(Entries provided):
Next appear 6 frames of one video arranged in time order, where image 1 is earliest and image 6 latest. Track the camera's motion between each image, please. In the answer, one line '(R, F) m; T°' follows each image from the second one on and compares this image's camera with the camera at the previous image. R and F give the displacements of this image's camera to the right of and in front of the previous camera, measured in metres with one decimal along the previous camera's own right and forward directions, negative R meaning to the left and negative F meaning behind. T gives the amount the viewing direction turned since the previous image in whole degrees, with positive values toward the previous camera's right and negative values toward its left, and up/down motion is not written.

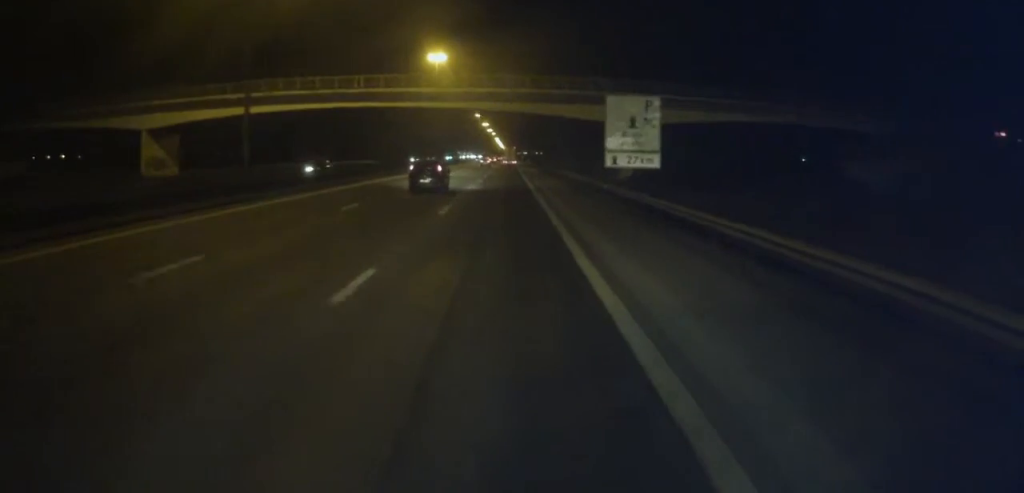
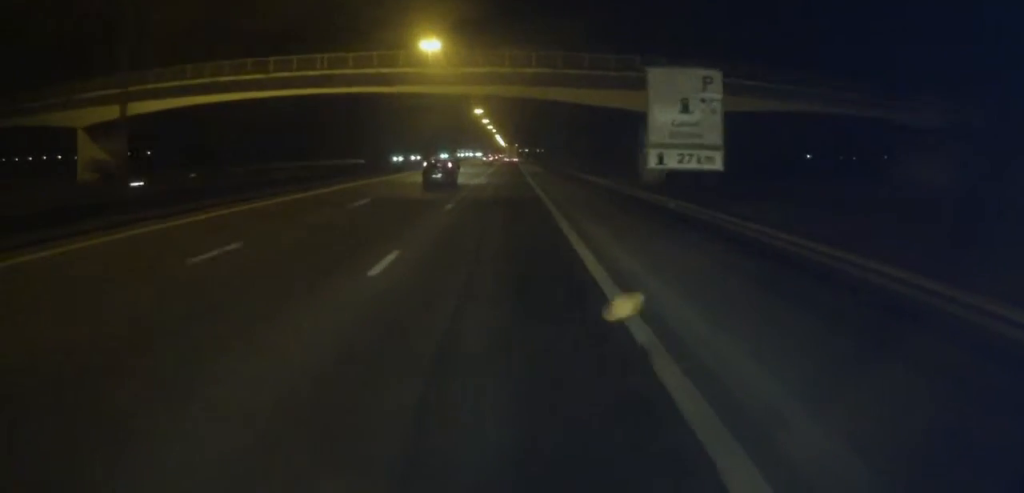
(-0.1, +11.7) m; -1°
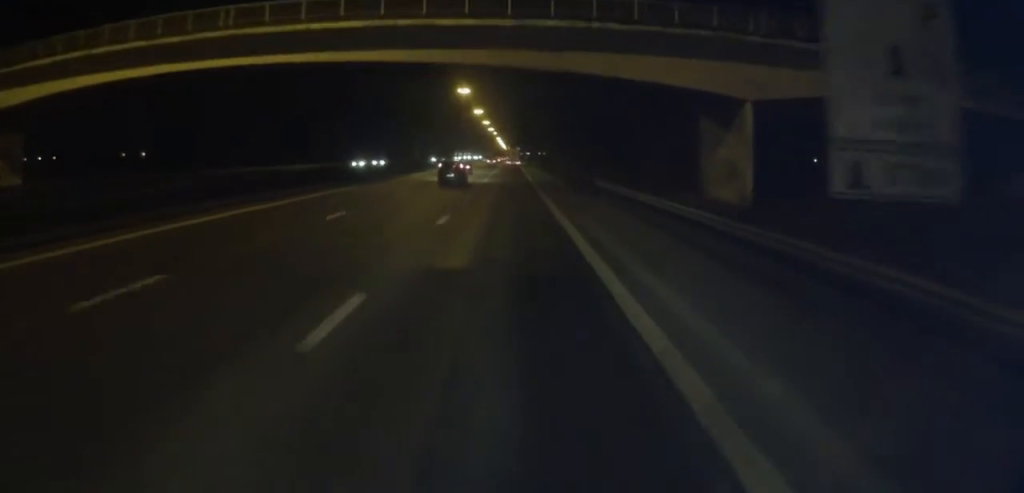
(0.0, +16.5) m; -1°
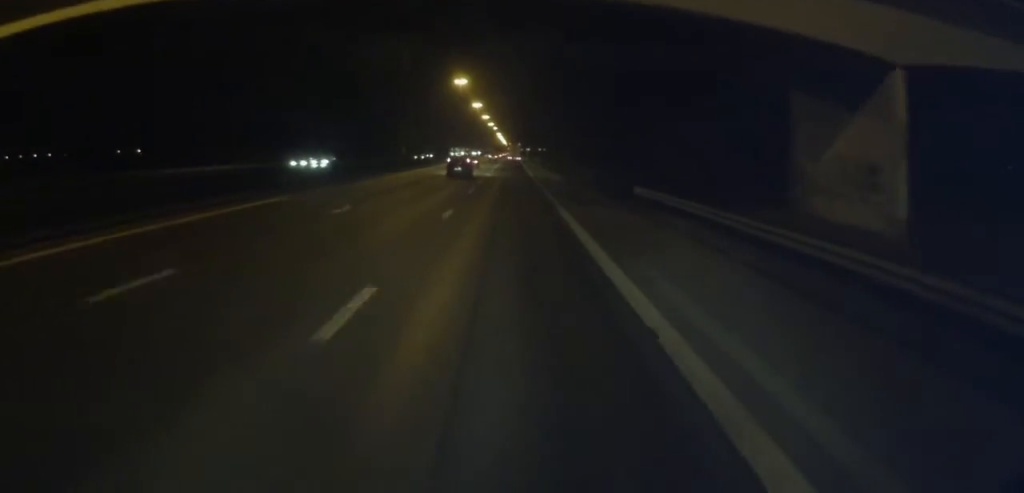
(-0.1, +12.6) m; 0°
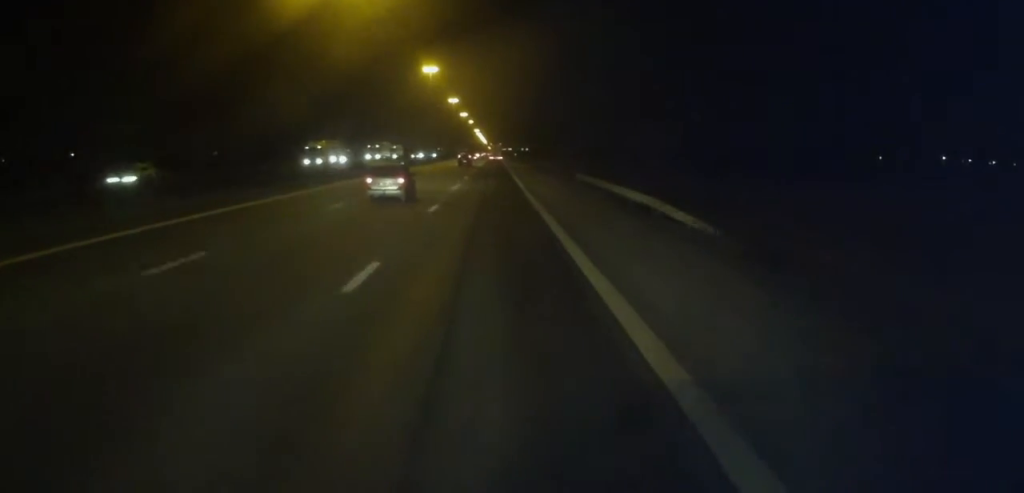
(+1.9, +110.9) m; +3°
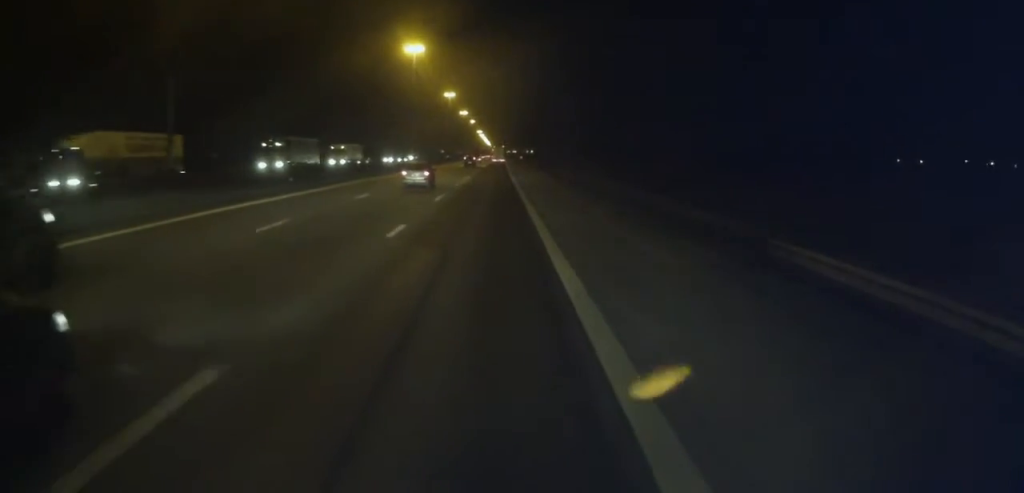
(+0.4, +31.2) m; 0°
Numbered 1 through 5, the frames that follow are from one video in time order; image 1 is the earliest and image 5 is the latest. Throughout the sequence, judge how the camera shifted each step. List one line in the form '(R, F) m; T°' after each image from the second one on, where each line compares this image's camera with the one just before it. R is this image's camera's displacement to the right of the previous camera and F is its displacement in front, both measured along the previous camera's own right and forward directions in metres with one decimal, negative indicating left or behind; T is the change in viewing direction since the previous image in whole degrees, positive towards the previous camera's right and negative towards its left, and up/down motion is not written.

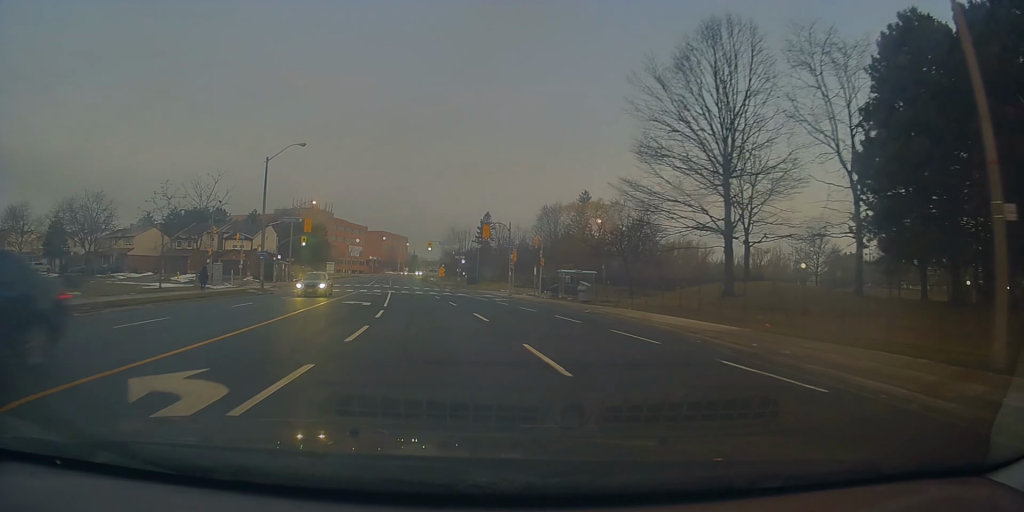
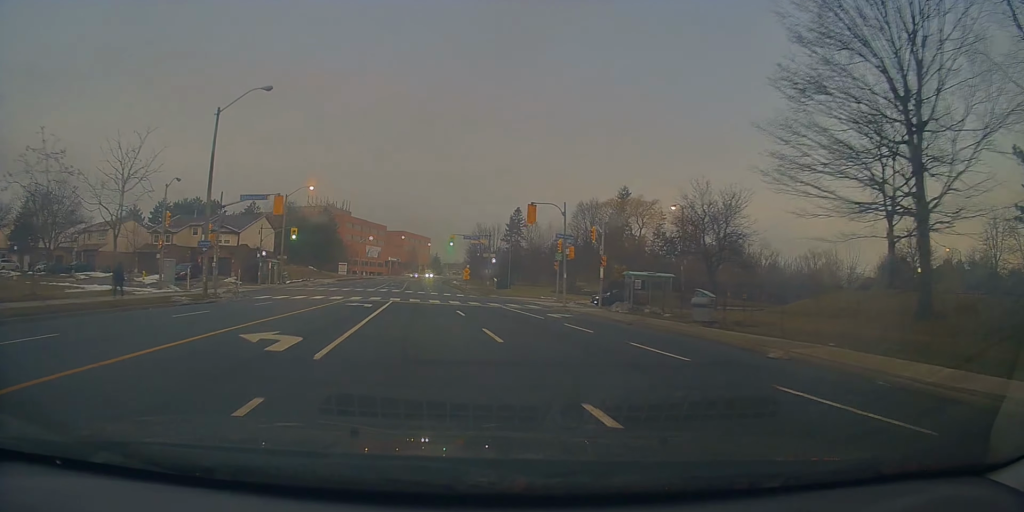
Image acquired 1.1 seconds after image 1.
(-0.3, +14.5) m; -2°
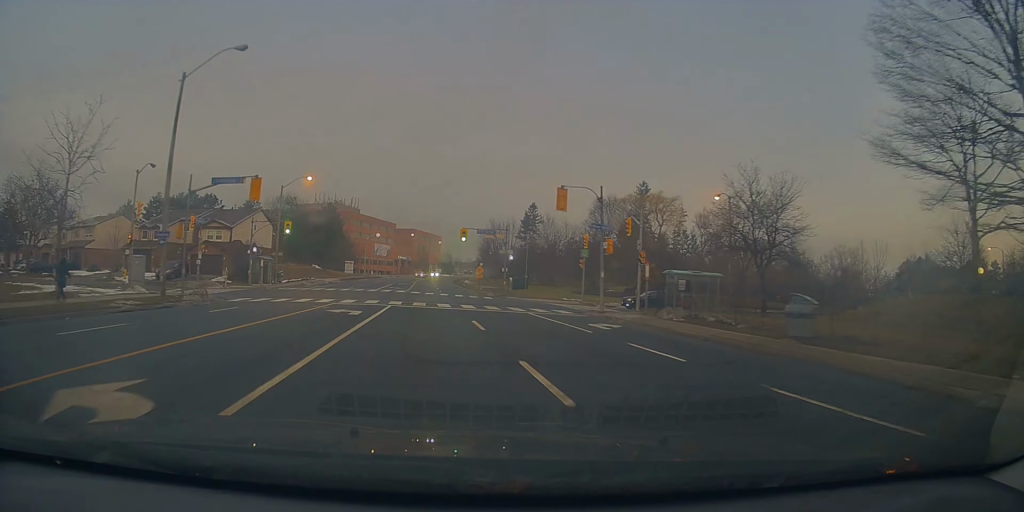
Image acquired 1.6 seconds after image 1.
(+0.2, +6.2) m; -1°
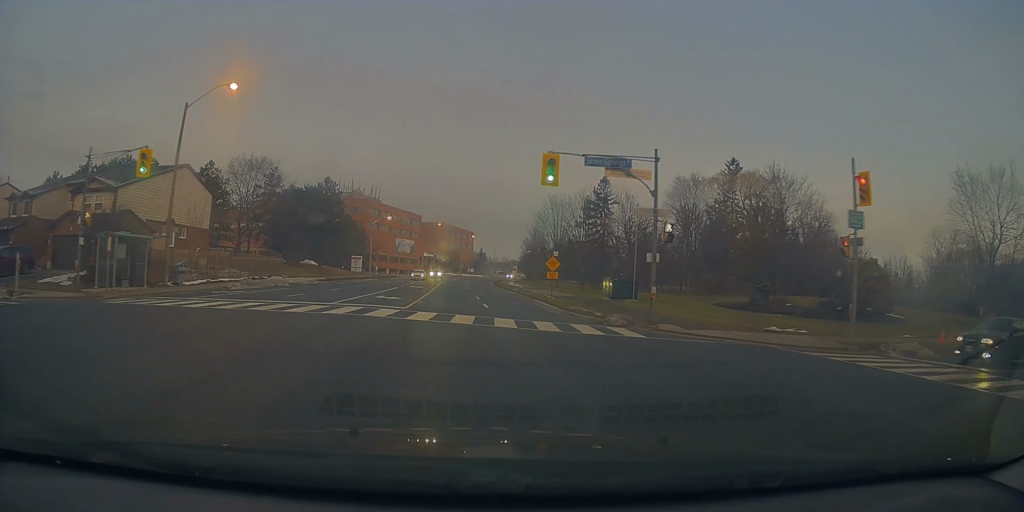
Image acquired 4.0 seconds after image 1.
(-0.9, +30.5) m; -2°
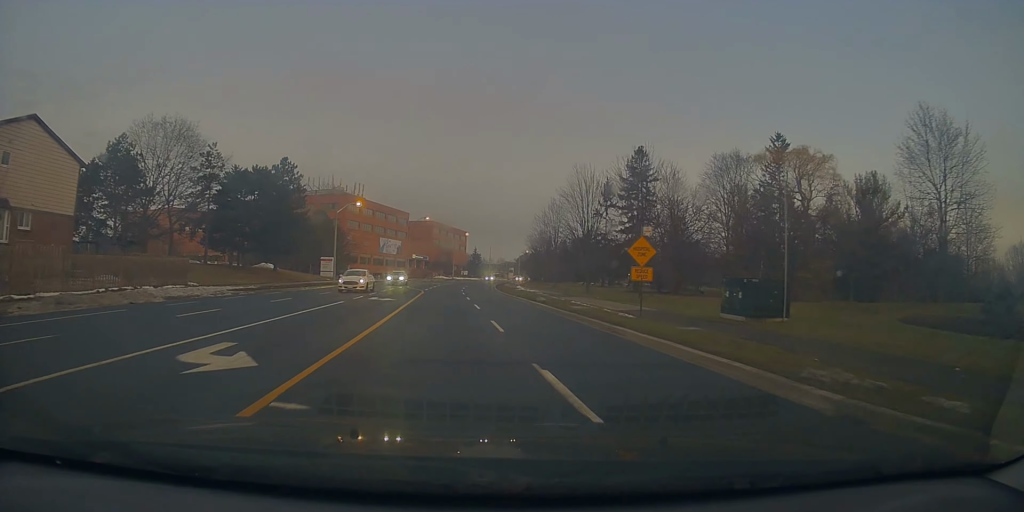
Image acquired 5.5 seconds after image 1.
(-0.3, +19.1) m; -1°
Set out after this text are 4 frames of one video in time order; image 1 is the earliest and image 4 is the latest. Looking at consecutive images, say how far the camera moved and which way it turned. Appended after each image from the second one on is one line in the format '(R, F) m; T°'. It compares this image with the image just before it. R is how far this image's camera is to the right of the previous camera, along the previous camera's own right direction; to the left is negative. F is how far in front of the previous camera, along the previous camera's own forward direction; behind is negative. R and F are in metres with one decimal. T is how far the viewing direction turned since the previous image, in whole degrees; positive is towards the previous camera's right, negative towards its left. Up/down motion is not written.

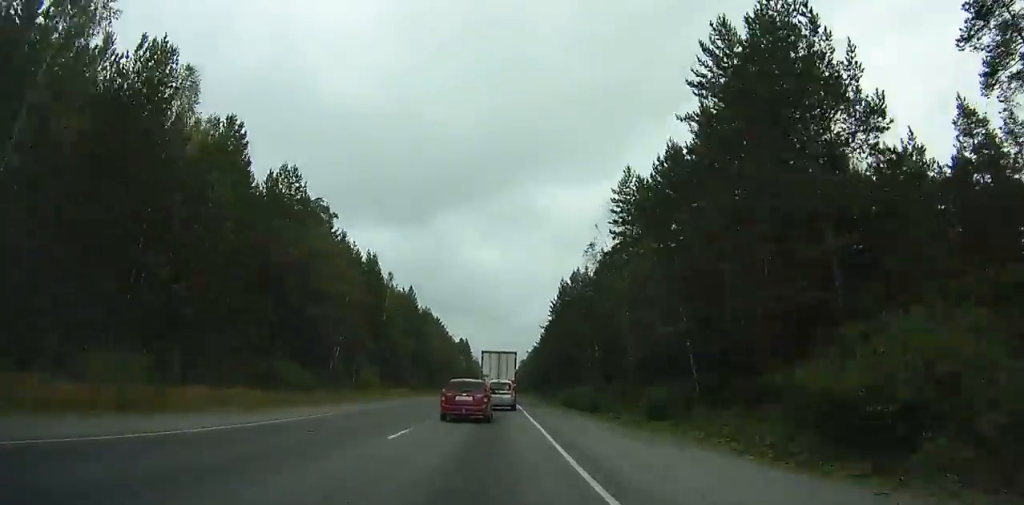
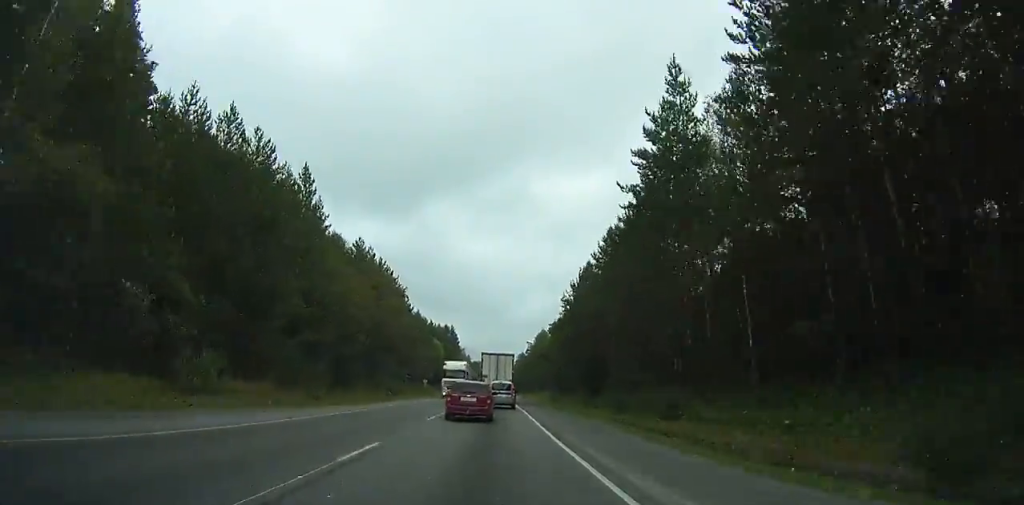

(Work item): Your copy of the data should match it exactly, apart from the images, which are omitted.

(Answer to this problem):
Next appear 6 frames of one video arranged in time order, where image 1 is earliest and image 6 latest. Track the camera's motion between each image, please. In the answer, one line '(R, F) m; T°' follows each image from the second one on and compares this image's camera with the camera at the previous image. R and F give the displacements of this image's camera to the right of and in front of the previous camera, measured in metres with one decimal along the previous camera's own right and forward directions, negative R meaning to the left and negative F meaning behind. T gives the amount the viewing direction turned since the previous image in whole degrees, with positive values toward the previous camera's right and negative values toward its left, and up/down motion is not written.

(-0.1, +11.7) m; -1°
(0.0, +16.5) m; -1°
(-0.1, +12.6) m; 0°
(+1.9, +110.9) m; +3°
(+0.4, +31.2) m; 0°
Numbered 1 through 5, the frames that follow are from one video in time order; image 1 is the earliest and image 5 is the latest. Throughout the sequence, judge how the camera shifted each step. List one line in the form '(R, F) m; T°' after each image from the second one on, where each line compares this image's camera with the one just before it. R is this image's camera's displacement to the right of the previous camera and F is its displacement in front, both measured along the previous camera's own right and forward directions in metres with one decimal, negative indicating left or behind; T is the change in viewing direction since the previous image in whole degrees, positive towards the previous camera's right and negative towards its left, and up/down motion is not written.

Image acquired 1.1 seconds after image 1.
(-0.3, +14.5) m; -2°
Image acquired 1.6 seconds after image 1.
(+0.2, +6.2) m; -1°
Image acquired 4.0 seconds after image 1.
(-0.9, +30.5) m; -2°
Image acquired 5.5 seconds after image 1.
(-0.3, +19.1) m; -1°
Set out after this text are 4 frames of one video in time order; image 1 is the earliest and image 4 is the latest. Looking at consecutive images, say how far the camera moved and which way it turned. Appended after each image from the second one on is one line in the format '(R, F) m; T°'. It compares this image with the image just before it. R is how far this image's camera is to the right of the previous camera, along the previous camera's own right direction; to the left is negative. F is how far in front of the previous camera, along the previous camera's own forward direction; behind is negative. R and F are in metres with one decimal. T is how far the viewing direction turned since the previous image, in whole degrees; positive is towards the previous camera's right, negative towards its left. Up/down motion is not written.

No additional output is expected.